Around 2016, the term "serverless functions" started to take off in the tech industry. In short order, it was presented as the undeniable future of infrastructure. It's the ultimate solution to redundancy, geographic resilience, load balancing and autoscaling. Never again would we need to patch, tweak or monitor an application.
My hot take is that unmaintainable monoliths result from poor system design / too strong coupling. If you can’t cleave off portions of your monolith without breaking it you built it wrong in the first place, and the choice between monolith and microservice isn’t going to save you. Perhaps starting with a microservice forces people to make (or at least consider) better design choices from the beginning but 1. there is no reason you can’t make those same architectural decisions with a monolith and 2. you can still strongly couple microservices with poor design.
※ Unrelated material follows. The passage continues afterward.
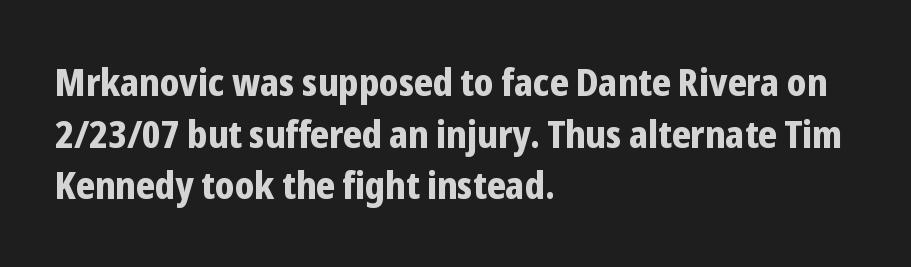
{"serif": "no", "italic": "no", "bold": "yes", "weight": "bold", "width": "condensed", "stroke_contrast": "low", "x_height": "medium", "monospaced": "no", "underline": "no", "align": "left", "line_spacing": "normal", "line_spacing_ratio": 1.36, "letter_spacing": "normal", "letter_spacing_em": 0.0, "glyph_px": 38}

Getting back to basics of “what makes for good application development” using good abstractions, Go4 patterns, SOLID / KISS / DRY / etc, means that whether your threads are running colocated vs on another VM vs on another box vs in another datacenter vs in another continent shouldn’t affect you much. If your app breaks in ways beyond “I wonder if moving this job to another system means we’ll suffer from memory nonlocality or sync latency” the walls are already closing in lol.
Yeah I agree with all of that. Architecture is hard and you don’t normally fully understand what you need until you’ve built it the wrong way.